> Problem to work on
The answer must be the full listing, repeated word for word.
______
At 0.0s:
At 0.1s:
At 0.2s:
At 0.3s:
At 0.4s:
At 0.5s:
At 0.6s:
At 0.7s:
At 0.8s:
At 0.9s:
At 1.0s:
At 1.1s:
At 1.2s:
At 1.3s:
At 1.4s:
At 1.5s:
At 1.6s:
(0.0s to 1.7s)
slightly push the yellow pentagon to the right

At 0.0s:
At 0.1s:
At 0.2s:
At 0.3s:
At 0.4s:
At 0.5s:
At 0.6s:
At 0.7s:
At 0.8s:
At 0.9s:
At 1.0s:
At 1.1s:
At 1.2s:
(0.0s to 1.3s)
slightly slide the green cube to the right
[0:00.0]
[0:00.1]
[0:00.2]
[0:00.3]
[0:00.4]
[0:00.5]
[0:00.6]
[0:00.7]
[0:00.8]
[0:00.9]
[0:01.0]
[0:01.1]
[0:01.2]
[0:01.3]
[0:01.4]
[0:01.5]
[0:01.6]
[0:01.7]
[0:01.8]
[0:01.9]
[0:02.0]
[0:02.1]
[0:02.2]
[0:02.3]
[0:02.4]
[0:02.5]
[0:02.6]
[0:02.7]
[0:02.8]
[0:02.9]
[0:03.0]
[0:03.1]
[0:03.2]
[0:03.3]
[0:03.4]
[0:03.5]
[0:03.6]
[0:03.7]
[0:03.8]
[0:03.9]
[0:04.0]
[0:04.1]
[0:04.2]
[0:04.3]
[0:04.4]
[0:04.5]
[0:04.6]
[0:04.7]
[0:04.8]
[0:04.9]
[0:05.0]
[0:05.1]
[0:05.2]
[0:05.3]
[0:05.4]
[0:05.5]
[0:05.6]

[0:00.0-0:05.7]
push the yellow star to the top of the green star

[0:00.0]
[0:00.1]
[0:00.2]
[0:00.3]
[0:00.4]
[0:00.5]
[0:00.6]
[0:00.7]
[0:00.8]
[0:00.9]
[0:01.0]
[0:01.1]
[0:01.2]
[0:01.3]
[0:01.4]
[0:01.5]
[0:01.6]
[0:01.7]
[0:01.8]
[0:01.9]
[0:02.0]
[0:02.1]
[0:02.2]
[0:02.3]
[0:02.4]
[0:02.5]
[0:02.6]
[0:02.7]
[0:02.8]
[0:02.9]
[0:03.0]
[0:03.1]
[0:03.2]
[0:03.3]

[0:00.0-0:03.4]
______
> Solution to this task
At 0.0s:
At 0.1s:
At 0.2s:
At 0.3s:
At 0.4s:
At 0.5s:
At 0.6s:
At 0.7s:
At 0.8s:
At 0.9s:
At 1.0s:
At 1.1s:
At 1.2s:
At 1.3s:
At 1.4s:
At 1.5s:
At 1.6s:
(0.0s to 1.7s)
slightly push the yellow pentagon to the right

At 0.0s:
At 0.1s:
At 0.2s:
At 0.3s:
At 0.4s:
At 0.5s:
At 0.6s:
At 0.7s:
At 0.8s:
At 0.9s:
At 1.0s:
At 1.1s:
At 1.2s:
(0.0s to 1.3s)
slightly slide the green cube to the right
[0:00.0]
[0:00.1]
[0:00.2]
[0:00.3]
[0:00.4]
[0:00.5]
[0:00.6]
[0:00.7]
[0:00.8]
[0:00.9]
[0:01.0]
[0:01.1]
[0:01.2]
[0:01.3]
[0:01.4]
[0:01.5]
[0:01.6]
[0:01.7]
[0:01.8]
[0:01.9]
[0:02.0]
[0:02.1]
[0:02.2]
[0:02.3]
[0:02.4]
[0:02.5]
[0:02.6]
[0:02.7]
[0:02.8]
[0:02.9]
[0:03.0]
[0:03.1]
[0:03.2]
[0:03.3]
[0:03.4]
[0:03.5]
[0:03.6]
[0:03.7]
[0:03.8]
[0:03.9]
[0:04.0]
[0:04.1]
[0:04.2]
[0:04.3]
[0:04.4]
[0:04.5]
[0:04.6]
[0:04.7]
[0:04.8]
[0:04.9]
[0:05.0]
[0:05.1]
[0:05.2]
[0:05.3]
[0:05.4]
[0:05.5]
[0:05.6]

[0:00.0-0:05.7]
push the yellow star to the top of the green star

[0:00.0]
[0:00.1]
[0:00.2]
[0:00.3]
[0:00.4]
[0:00.5]
[0:00.6]
[0:00.7]
[0:00.8]
[0:00.9]
[0:01.0]
[0:01.1]
[0:01.2]
[0:01.3]
[0:01.4]
[0:01.5]
[0:01.6]
[0:01.7]
[0:01.8]
[0:01.9]
[0:02.0]
[0:02.1]
[0:02.2]
[0:02.3]
[0:02.4]
[0:02.5]
[0:02.6]
[0:02.7]
[0:02.8]
[0:02.9]
[0:03.0]
[0:03.1]
[0:03.2]
[0:03.3]

[0:00.0-0:03.4]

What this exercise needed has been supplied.